The Commissioner is duty bound to deal with the objections to the attachment by passing a reasoned order which must be communicated to the taxable person whose property is attached.A final order having been passed under Section 74(9), the proceedings under Section 74 are no longer pending as a result of which the provisional attachment must come to an end. The appellant having filed an appeal against the order under section 74(9), the provisions of sub-Sections 6 and 7 of Section 107 will come into operation in regard to the payment of the tax and stay on the recovery of the balance as stipulated in those provisions, pending the disposal of the appeal.

For the above reasons, we allow the appeal and set aside the impugned judgment and order of the High Court dated 1 January 2021.

The power under Article 226 of the Constitution to issue writs can be exercised not only for the enforcement of fundamental rights, but for any other purpose as well. The High Court has the discretion not to entertain a writ petition. One of the restrictions placed on the power of the High Court is where an effective alternate remedy is available to the aggrieved person. Exceptions to the rule of alternate remedy arise where (a) the writ petition has been filed for the enforcement of a fundamental right protected by Part III of the Constitution; (b) there has been a violation of the principles of natural justice; (c) the order or proceedings are wholly without jurisdiction; or (d) the vires of a legislation is challenged.
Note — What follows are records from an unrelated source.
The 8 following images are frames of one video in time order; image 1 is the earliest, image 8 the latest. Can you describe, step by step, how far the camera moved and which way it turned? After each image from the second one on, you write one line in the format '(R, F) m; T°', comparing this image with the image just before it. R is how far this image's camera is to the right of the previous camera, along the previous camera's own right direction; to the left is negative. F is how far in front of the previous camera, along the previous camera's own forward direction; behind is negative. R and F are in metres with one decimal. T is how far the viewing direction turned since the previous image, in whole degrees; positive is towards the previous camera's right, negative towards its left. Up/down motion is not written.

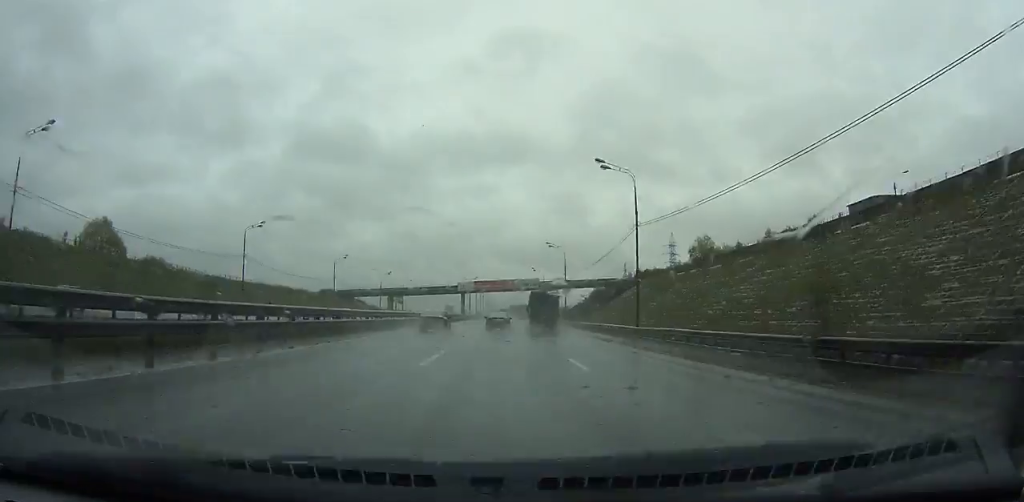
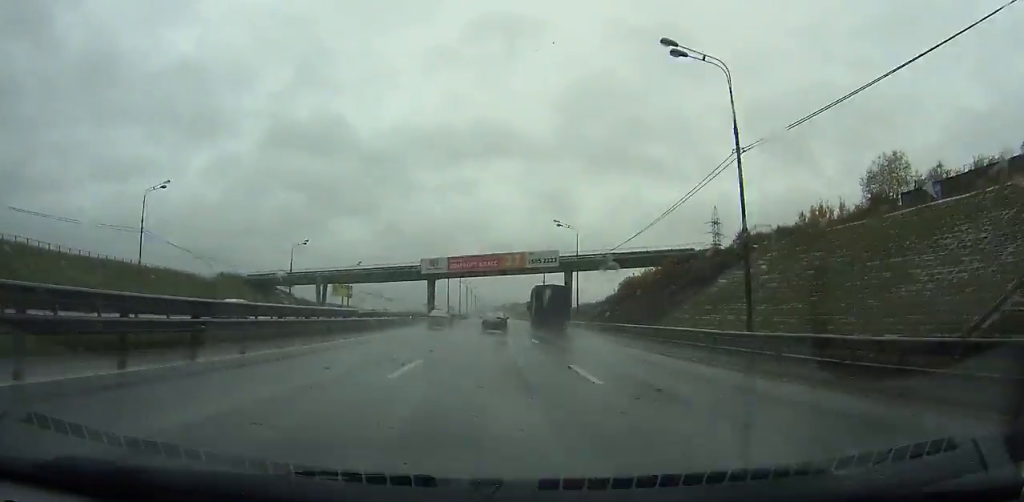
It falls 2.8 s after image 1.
(+2.5, +71.3) m; +2°
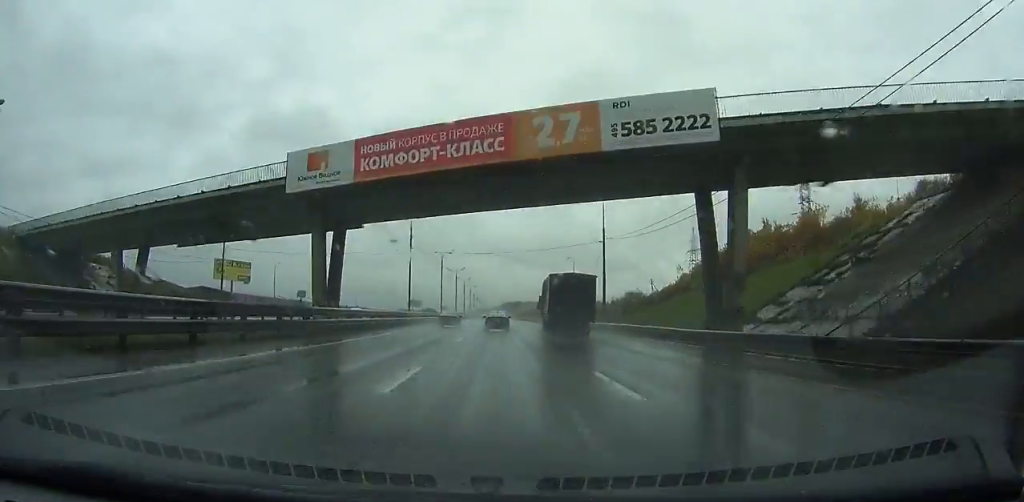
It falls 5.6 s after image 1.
(+0.7, +73.6) m; 0°
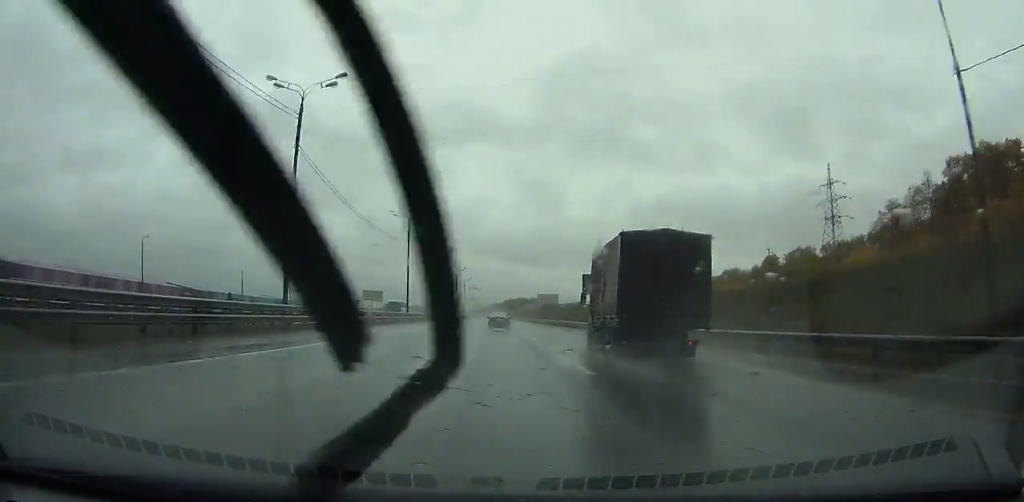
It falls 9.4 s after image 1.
(-0.2, +99.1) m; 0°
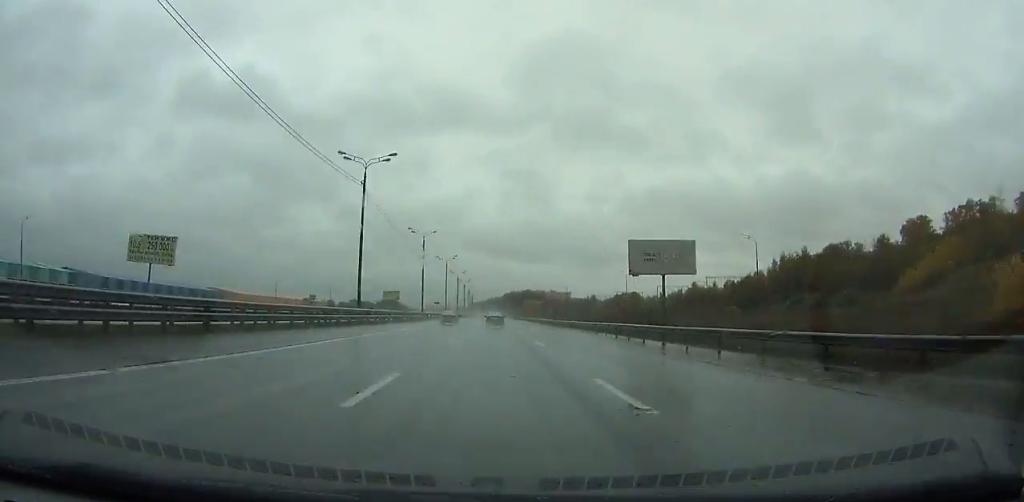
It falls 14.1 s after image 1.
(-0.3, +119.6) m; 0°
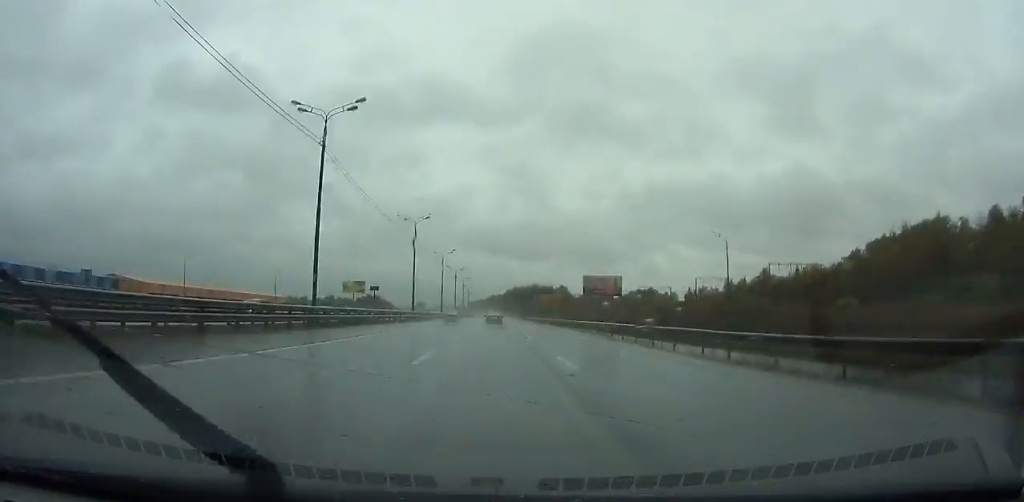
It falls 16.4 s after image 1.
(0.0, +58.4) m; 0°
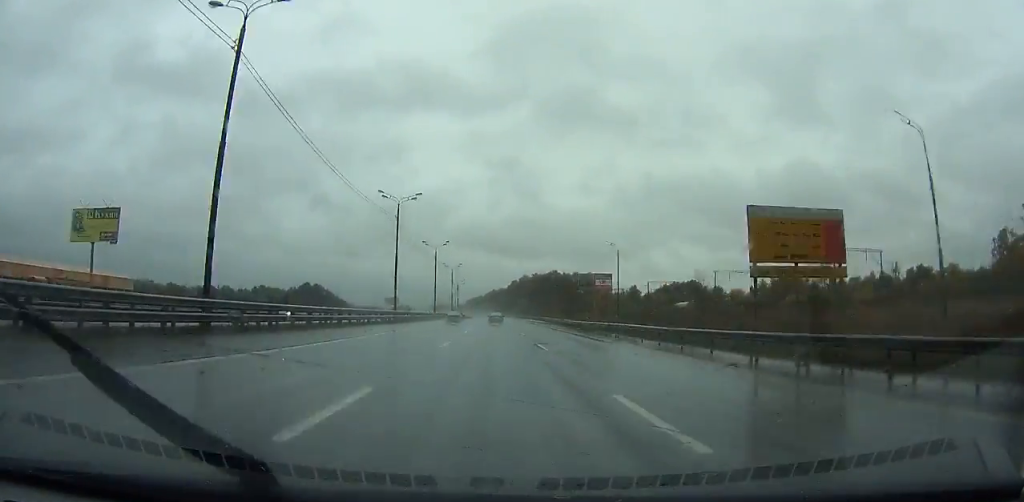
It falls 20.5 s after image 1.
(+0.1, +104.9) m; 0°
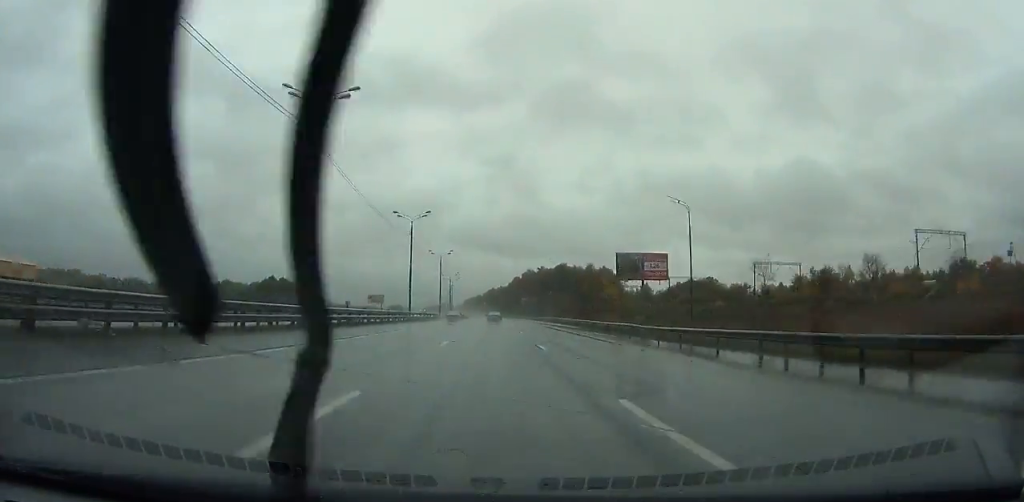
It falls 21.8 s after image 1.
(0.0, +33.6) m; 0°

An alternate remedy by itself does not divest the High Court of its powers under Article 226 of the Constitution in an appropriate case though ordinarily, a writ petition should not be entertained when an efficacious alternate remedy is provided by law. When a right is created by a statute, which itself prescribes the remedy or procedure for enforcing the right or liability, resort must be had to that particular statutory remedy before invoking the discretionary remedy under Article 226 of the Constitution. This rule of exhaustion of statutory remedies is a rule of policy, convenience and discretion.
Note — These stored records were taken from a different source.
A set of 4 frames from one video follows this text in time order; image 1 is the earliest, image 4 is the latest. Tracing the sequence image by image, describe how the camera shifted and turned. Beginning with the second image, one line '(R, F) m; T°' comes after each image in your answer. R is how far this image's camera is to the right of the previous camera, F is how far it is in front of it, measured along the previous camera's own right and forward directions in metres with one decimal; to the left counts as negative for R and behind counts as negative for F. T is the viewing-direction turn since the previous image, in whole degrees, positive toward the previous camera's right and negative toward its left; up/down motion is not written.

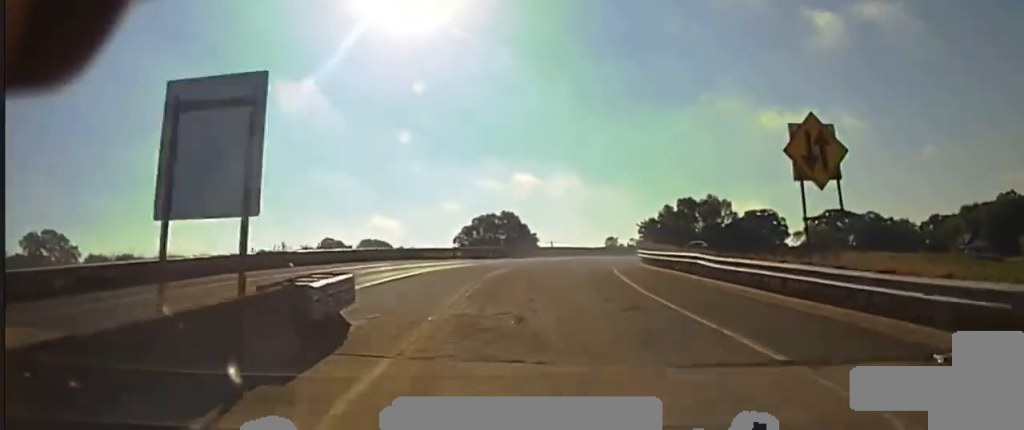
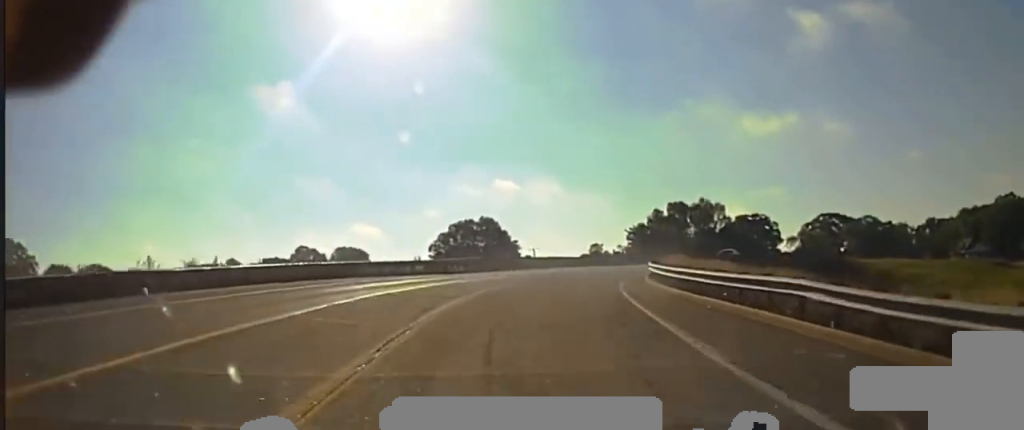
(+0.2, +11.5) m; +2°
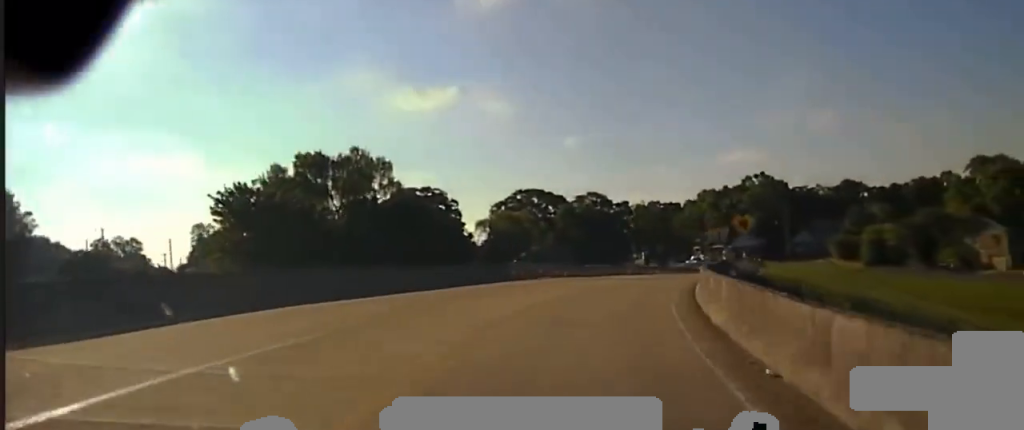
(+14.3, +82.4) m; +23°
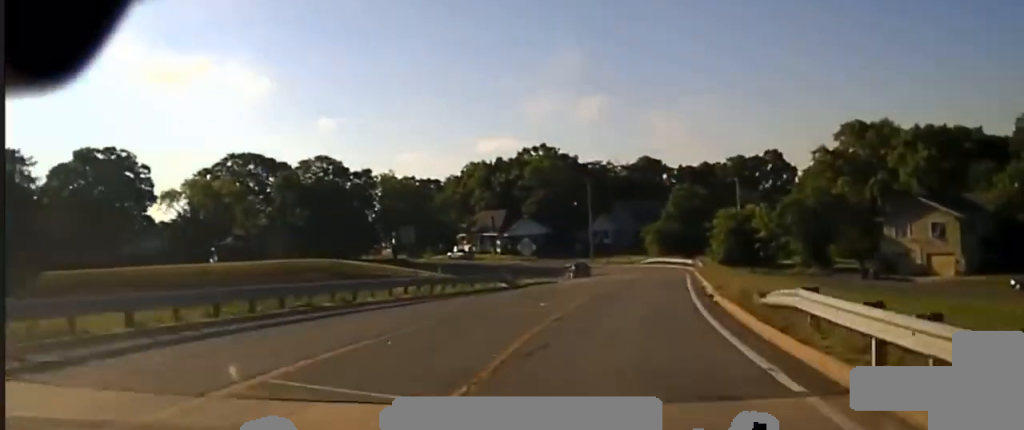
(+7.4, +45.4) m; +15°

Seeing the above provisions, The writ petition before the High Court under Article 226 of the Constitution challenging the order of provisional attachment was maintainable. The High Court has erred in dismissing the writ petition on the ground that it was not maintainable.

ANALYSIS OF THE JUDGEMENT

From the above judgement we analysed and got information about two topics that is provisions for Maintainability of the writ petition before the High Court and improper invocation of to impose a provisional attachment on the properties of the assessee, subject to the formation of an opinion that such attachment is necessary in the interest of protecting the government revenue.